Extract Android Image Kitchen from the zip.
Use SamFirm utility to download the official ROM for your device - straight from Samsung at high speed.
Use 7-zip to extract the stock boot.img from the AP file from the official ROM you downloaded from the SamFirm utility.
Copy the boot.img into the Android Image Kitchen directory and drop it on unpackimg.bat to extract it.
From the split_img directory that was just created, delete boot.img-zImage. Copy the compiled kernel Image file to split_img directory, and rename it to boot.img-zImage
Go back to previous directory and run repackimg.bat to produce the image-new.img - now rename it to something meaningful so that later after you have repacked dozens of images, you can identify it.
At your own risk, copy to Galaxy S8 and flash the file using TWRP as boot.img (make sure you back up all your data on your device). If you don't know how to recover from this going wrong then you probably shouldn't be doing it. Remember that flashing boot.img removes systemless root and other similar modifications, so these will need to be reflashed over the top.
Did it boot? Yes - yay. No - go back to TWRP and flash the stock boot.img you extracted from the AP (assuming you downloaded the compatible firmware version).

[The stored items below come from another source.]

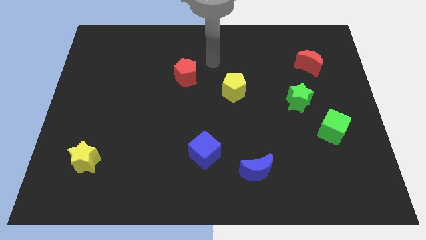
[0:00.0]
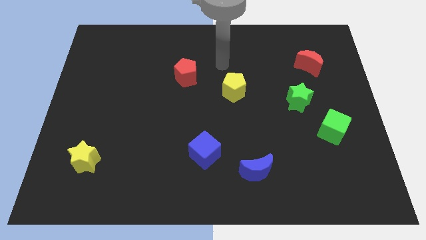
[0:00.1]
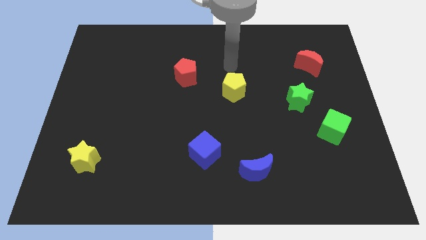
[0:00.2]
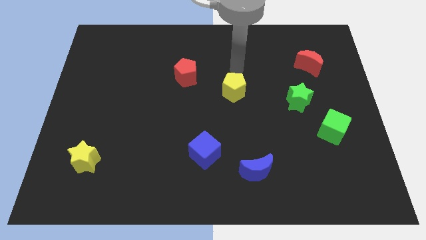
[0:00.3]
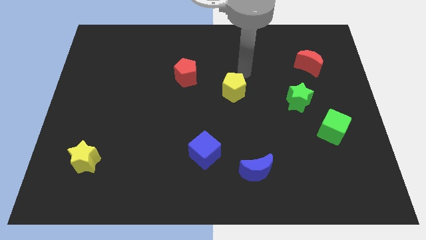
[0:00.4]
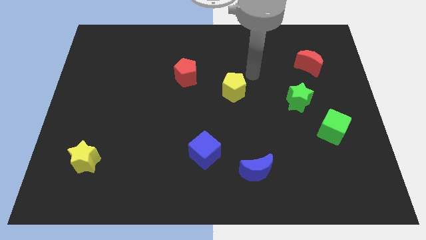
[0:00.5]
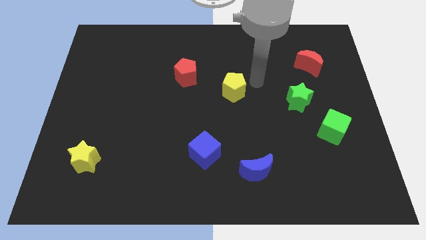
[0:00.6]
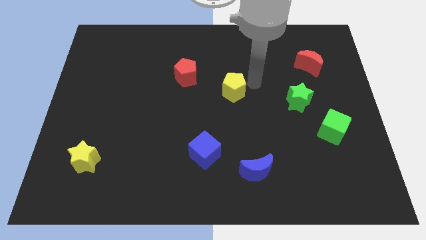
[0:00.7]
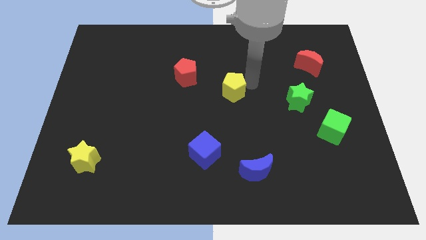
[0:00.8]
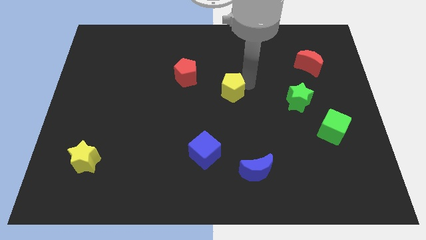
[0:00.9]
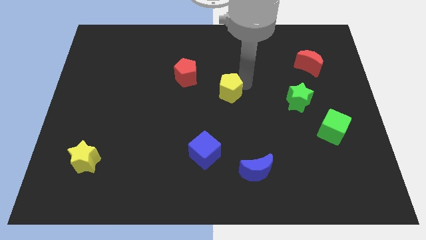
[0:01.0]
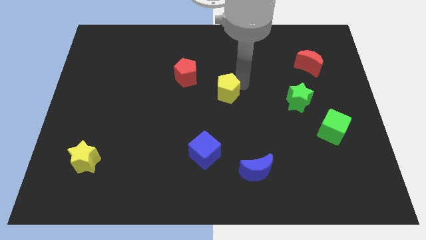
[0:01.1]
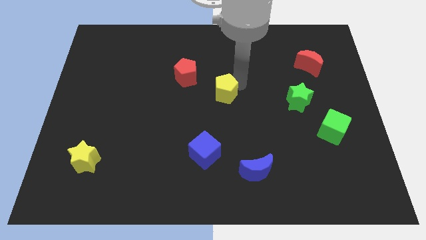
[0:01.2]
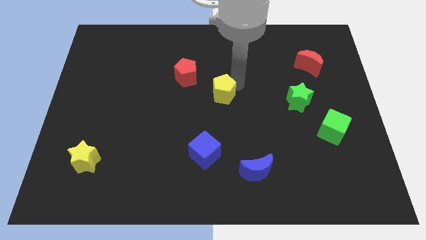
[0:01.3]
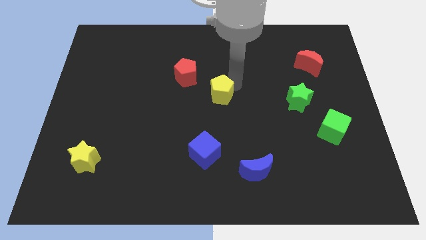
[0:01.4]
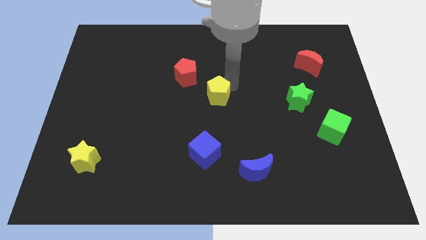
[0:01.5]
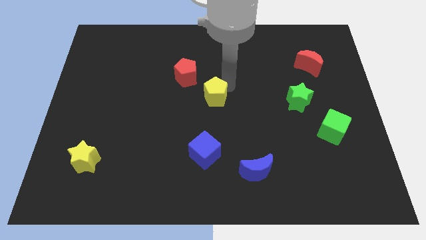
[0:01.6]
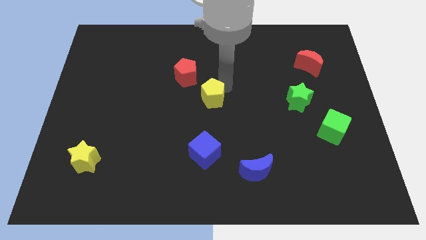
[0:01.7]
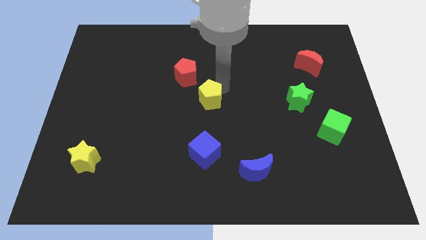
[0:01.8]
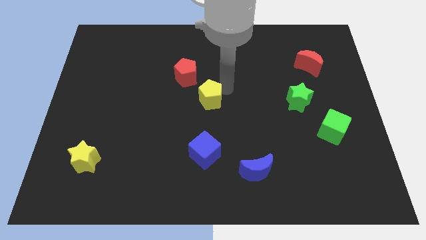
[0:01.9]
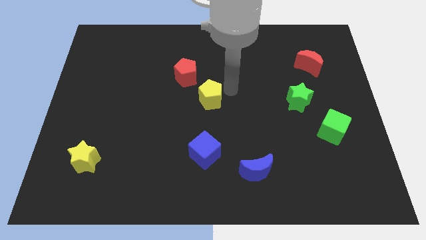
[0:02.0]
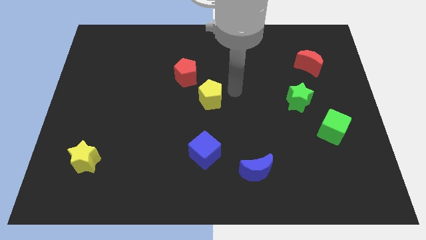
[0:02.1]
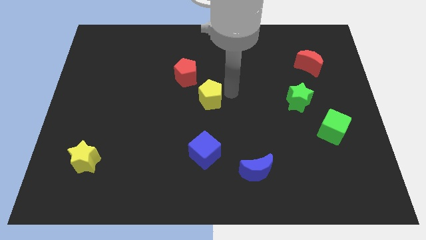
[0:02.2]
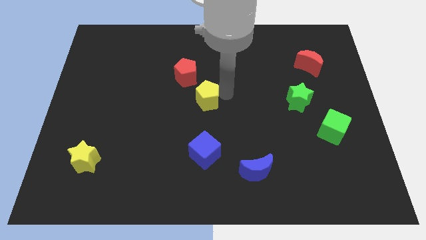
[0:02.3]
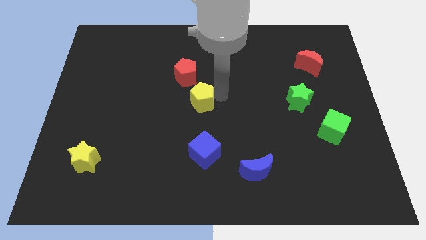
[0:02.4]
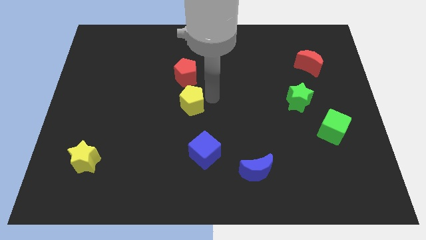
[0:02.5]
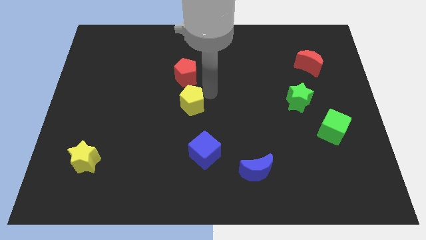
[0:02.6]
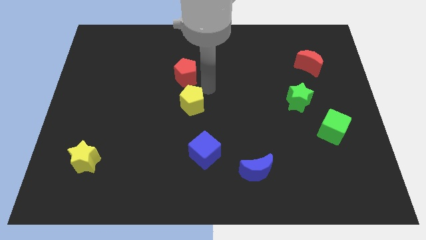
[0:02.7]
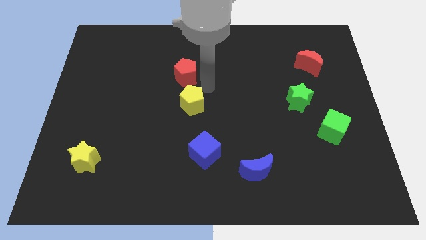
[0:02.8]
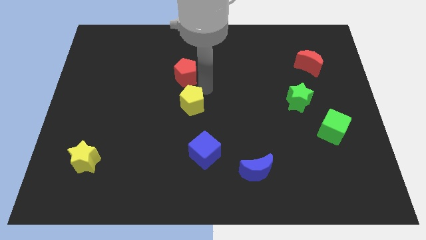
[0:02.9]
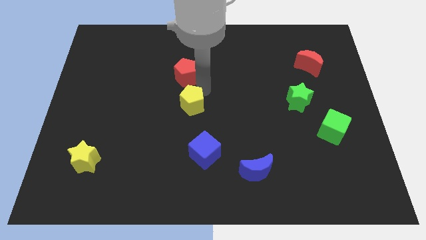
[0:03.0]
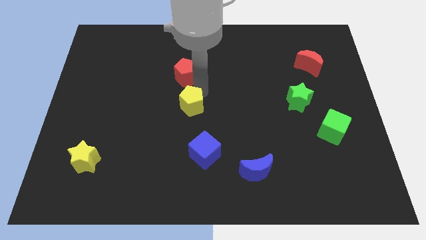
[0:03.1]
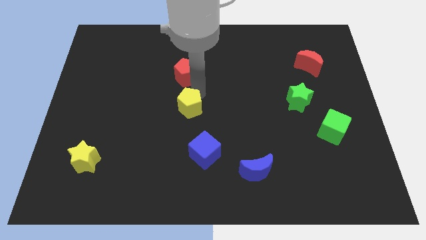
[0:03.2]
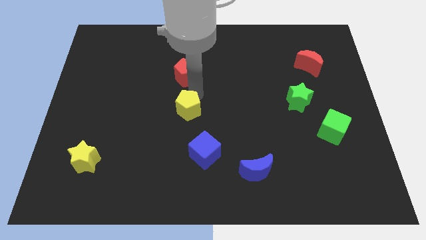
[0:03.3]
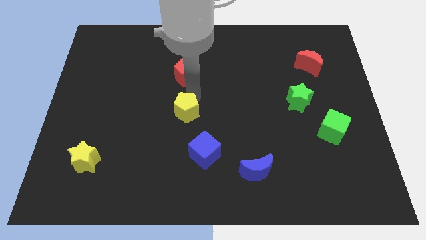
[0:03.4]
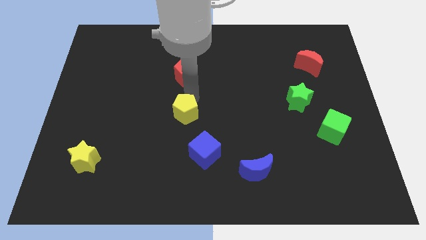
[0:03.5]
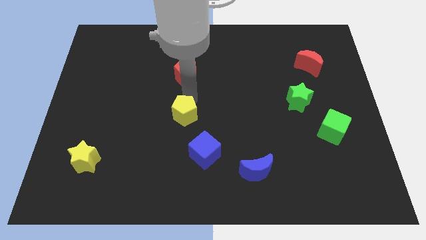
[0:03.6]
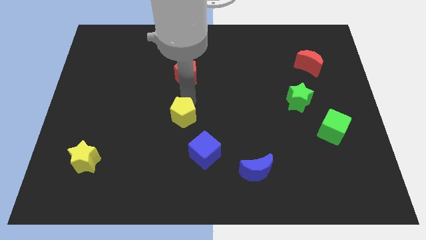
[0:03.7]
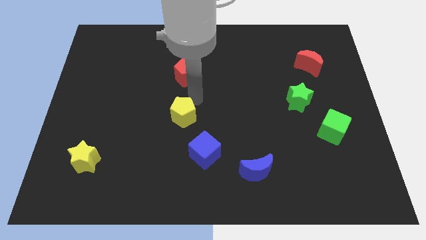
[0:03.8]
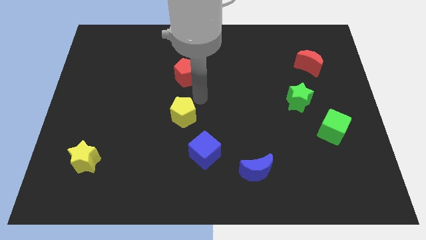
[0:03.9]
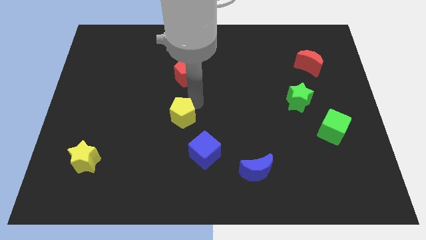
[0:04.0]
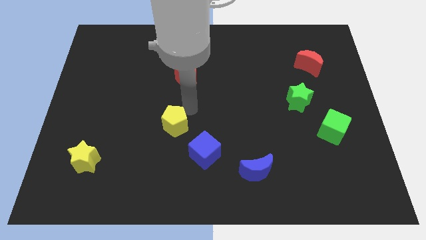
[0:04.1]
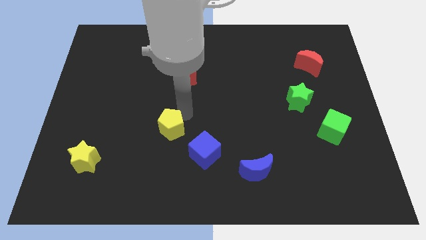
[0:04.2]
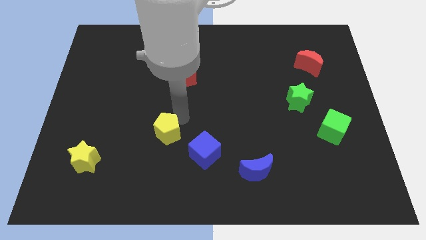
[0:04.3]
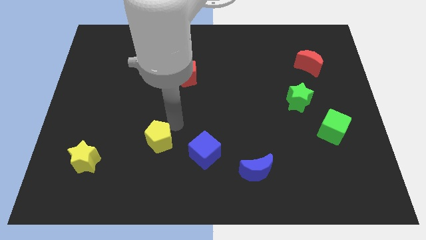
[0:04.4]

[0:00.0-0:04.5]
push the yellow pentagon downwards and left diagonally

For me this worked with the patched /system from flashing Jesse S8 kernel - but it should work with stock /system - I hope.
If passing dm-verity will allow me to use encryption, then this will make me happy.
I plan to merge changes from the Jesse kernel which fake bootloader locked, disable SELinux but fake enforcing status, etc, etc, without bringing it too far from stock.

Just a note about the source code. Before I had made changes to several files, including drivers/video/fbdev/exynos/dpu/displayport_drv.c to fake the sysfs entries. Turns out that is not required at all - it seems to happen by itself if you change ccic_alternate.c properly. The idea behind this file is that we want the Samsung HDMI adapter, and the Samsung Multiport Adapter to be recognised as DeX, as well as anything else. We let the switch entries run, and if dock_type is not set (third party device) or equal to CCIC_DOCK_HDMI, or equal to CCIC_DOCK_MPA, we run the code from the switch case that was there for the DeX, setting dock_type to CCIC_DOCK_DEX, resulting in the usbpd_data->acc_type being set to equal CCIC_DOCK_DEX, as if it were connected.

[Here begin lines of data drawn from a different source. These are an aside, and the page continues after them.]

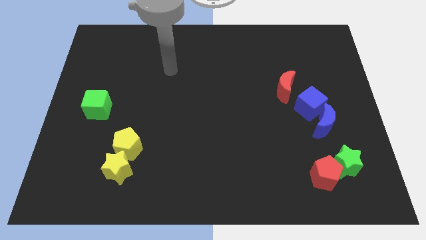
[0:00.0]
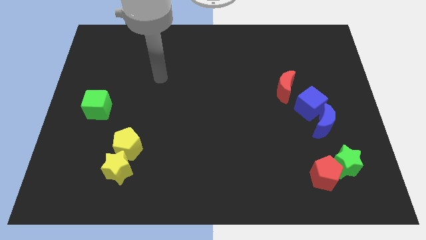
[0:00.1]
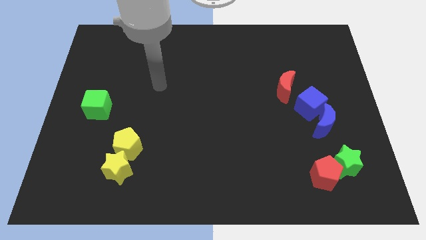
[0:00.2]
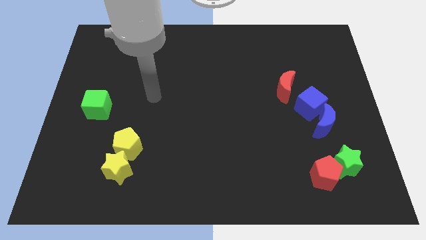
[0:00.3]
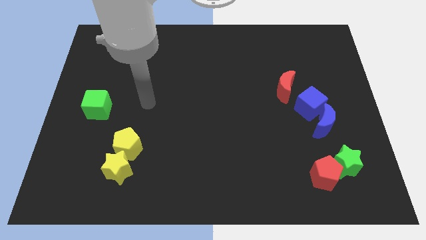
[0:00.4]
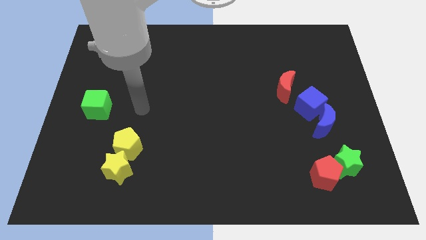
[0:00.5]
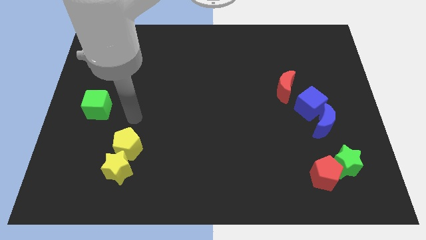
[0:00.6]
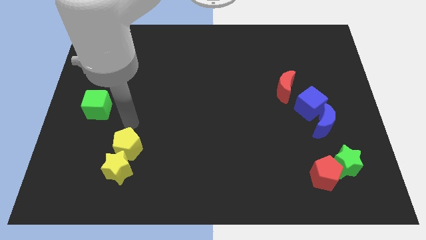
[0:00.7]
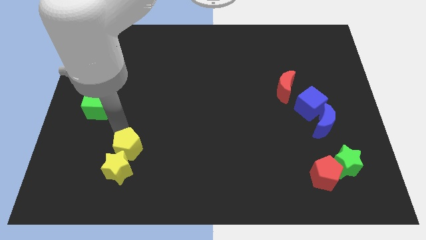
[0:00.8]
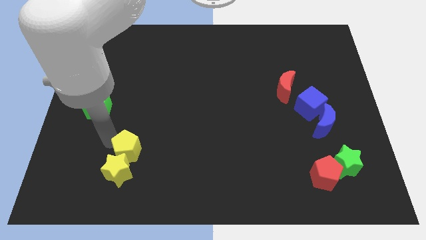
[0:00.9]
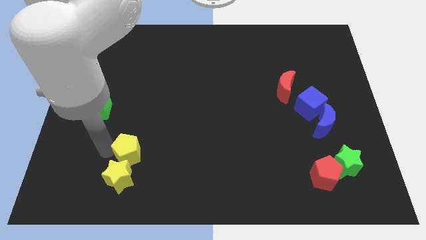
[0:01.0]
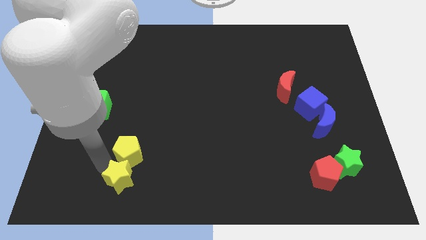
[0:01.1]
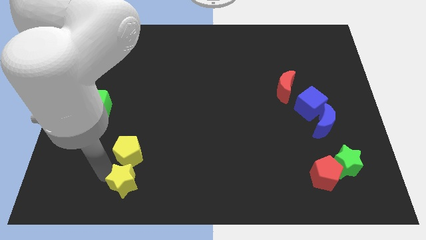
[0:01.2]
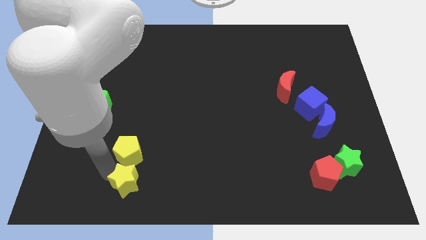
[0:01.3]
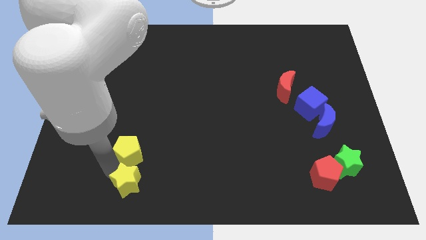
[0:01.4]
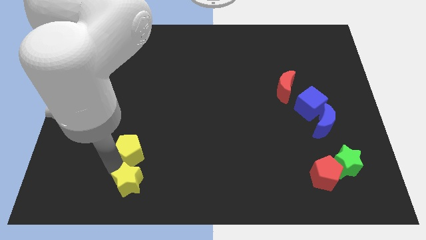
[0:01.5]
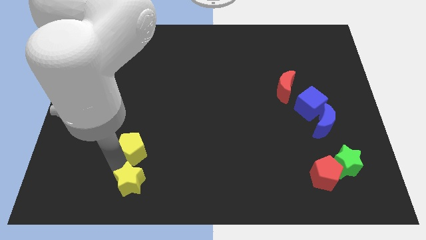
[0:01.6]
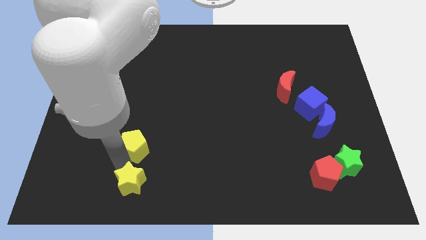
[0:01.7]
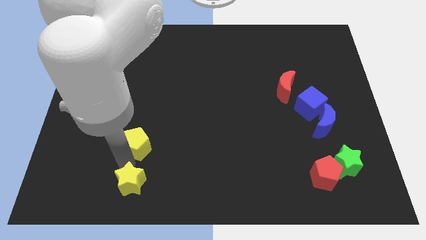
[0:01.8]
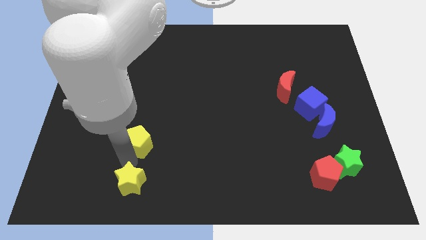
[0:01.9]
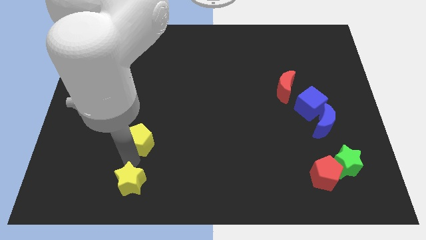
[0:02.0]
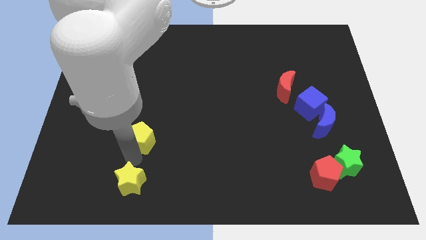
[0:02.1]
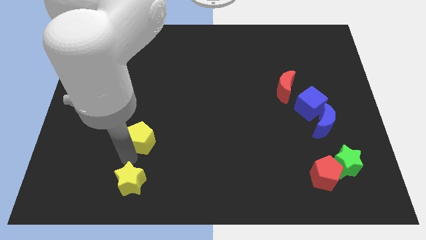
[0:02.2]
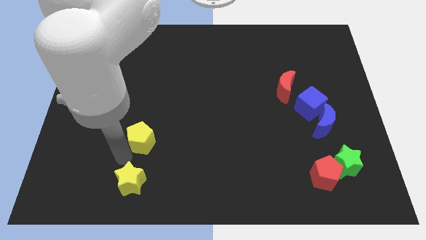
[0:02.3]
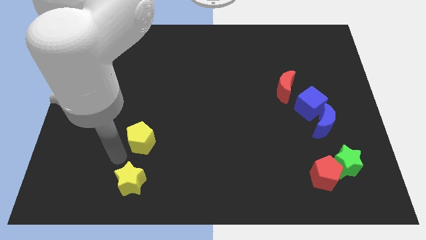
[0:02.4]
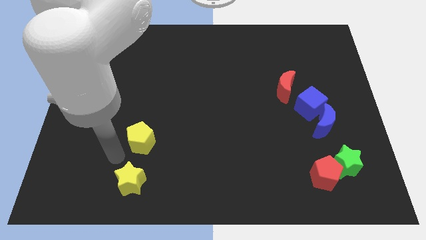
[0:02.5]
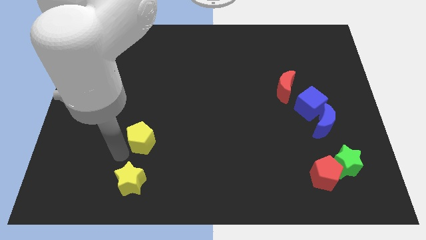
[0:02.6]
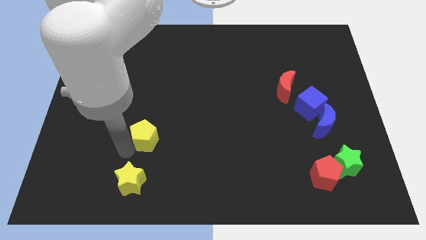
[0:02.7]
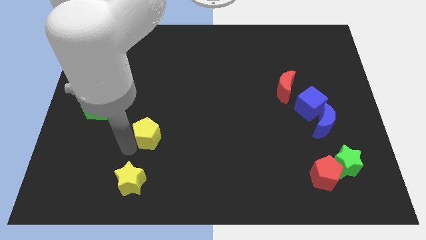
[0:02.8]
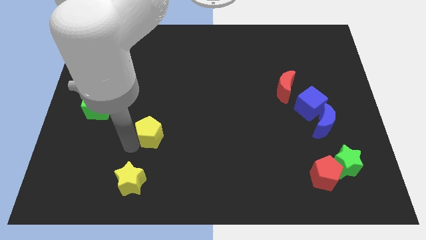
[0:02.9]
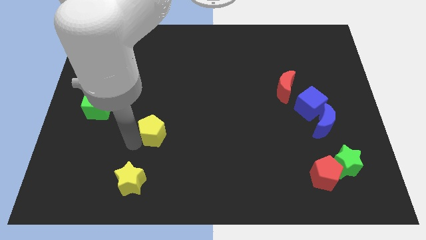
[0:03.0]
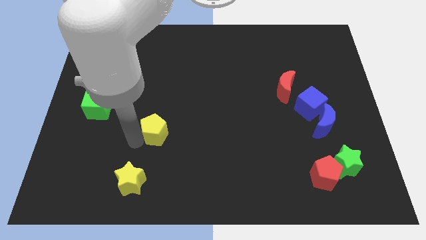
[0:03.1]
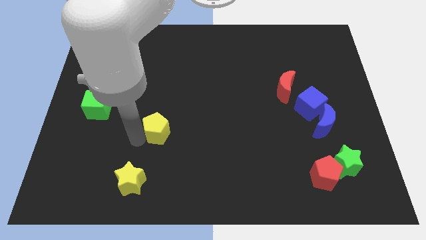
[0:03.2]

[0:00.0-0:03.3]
slightly push the yellow pentagon up and to the right

If somebody knows how to debug kernels, please let me know what sorts of things trigger this function - I have a hunch it is only USB-C type, but it might be all OTG accessories, in which case it might be smart to come up with a way of deciding whether the connected device should be treated as a DeX station.

Have fun! Somebody who is familiar with Git, please make a patch. We can hopefully produce a stock kernel for the Galaxy Note 8, hours after the source code is released for its kernel.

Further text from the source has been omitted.